Apple has extended critical security updates originally released in March to older iPhone and iPad models, addressing a zero-day vulnerability. The vulnerability, identified as CVE-2024-23296, affects the RTKit real-time operating system, potentially allowing attackers with kernel access to bypass memory protections. Devices receiving these vital patches include iPhone 8, iPhone X, and various older iPad models. While Apple confirmed the exploitation of the zero-day, details on the attackers and the nature of the attacks remain unreported. The patches were initially applied to newer Apple devices in March, and the extension to older models emphasizes the severity and wide applicability of the vulnerability. Alongside usual device updates, Apple has introduced features to warn users about unwanted tracking through Bluetooth devices such as AirTags. Installing these updates is crucial for affected users to safeguard against potential data breaches and system infiltrations facilitated by this vulnerability.

Apple and Google have introduced a new privacy feature across iOS and Android platforms that alerts users to unrecognized Bluetooth tracking devices moving with them. The feature, part of iOS 17.5 and available on Android 6.0+ devices, aims to increase security and privacy by notifying users of potential unwanted tracking. Alerts including "[Item] Found Moving With You" for iOS and "Tracker traveling with you" for Android activate when an unknown Bluetooth device is detected. Users can interact with the alert to see the tracker’s identifier and, if possible, activate the tracker to emit noise for easier location. The update includes guidelines on how to deactivate the unknown tracking device. Accessories like Apple’s AirTag and compatible third-party products adhere to this new security standard, but older trackers without this capability can still operate undetected. The update seeks to curb the misuse of Bluetooth tracking devices, which have been exploited for surreptitious surveillance, despite their intended use for locating personal items.

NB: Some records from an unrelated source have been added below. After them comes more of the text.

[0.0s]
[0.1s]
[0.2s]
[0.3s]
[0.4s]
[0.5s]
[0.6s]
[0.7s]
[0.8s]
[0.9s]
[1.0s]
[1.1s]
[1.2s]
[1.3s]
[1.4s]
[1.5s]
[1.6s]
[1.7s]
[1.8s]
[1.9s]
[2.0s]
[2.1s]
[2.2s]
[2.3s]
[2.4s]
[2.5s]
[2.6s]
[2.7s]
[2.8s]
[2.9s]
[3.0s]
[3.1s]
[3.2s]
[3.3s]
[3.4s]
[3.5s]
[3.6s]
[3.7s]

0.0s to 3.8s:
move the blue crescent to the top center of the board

VMware resolved four security vulnerabilities, including three zero-days exploited at Pwn2Own Vancouver 2024. The most critical flaw, CVE-2024-22267, is a use-after-free bug allowing code execution on the host via a compromised VM. A temporary workaround involves disabling Bluetooth in VM settings to mitigate one of the vulnerabilities. Additional vulnerabilities (CVE-2024-22269 and CVE-2024-22270) related to information disclosure were reported. CVE-2024-22268 involves a heap buffer overflow, enabling potential denial of service if 3D graphics are enabled. Security researchers at Pwn2Own disclosed 29 zero-days and earned significant rewards, highlighting critical software vulnerabilities. Following the competition, Google and Mozilla also quickly issued fixes for their affected products. VMware, along with other vendors, typically has 90 days to release patches after such disclosures by the Zero Day Initiative.

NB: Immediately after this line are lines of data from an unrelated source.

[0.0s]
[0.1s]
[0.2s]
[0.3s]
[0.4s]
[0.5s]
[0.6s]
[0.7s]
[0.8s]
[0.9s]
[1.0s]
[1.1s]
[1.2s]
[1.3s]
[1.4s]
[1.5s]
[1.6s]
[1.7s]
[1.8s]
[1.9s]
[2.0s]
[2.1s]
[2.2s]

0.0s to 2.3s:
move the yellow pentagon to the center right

Telegram CEO Pavel Durov criticized Signal, claiming it has ties to US intelligence and questioning its encryption security. Durov's comments followed a City Journal report about Signal’s origins, funded by the US government's Open Technology Fund. The Signal Foundation's current chair, Katherine Maher, has a background with several US-backed entities and governmental roles. Durov suggests that big tech's encryption protocols, including those used by WhatsApp and Facebook Messenger, may be influenced by the US government. He also noted instances of Signal messages appearing in court cases, implying they could be due to compromised encryption, though specific evidence of this was not provided. Durov criticized both WhatsApp and Signal for not allowing full transparency of their source code and reproducibility of their apps, particularly on iOS. The timing of Durov’s remarks coincides with potential financial incentives as Telegram considers going public.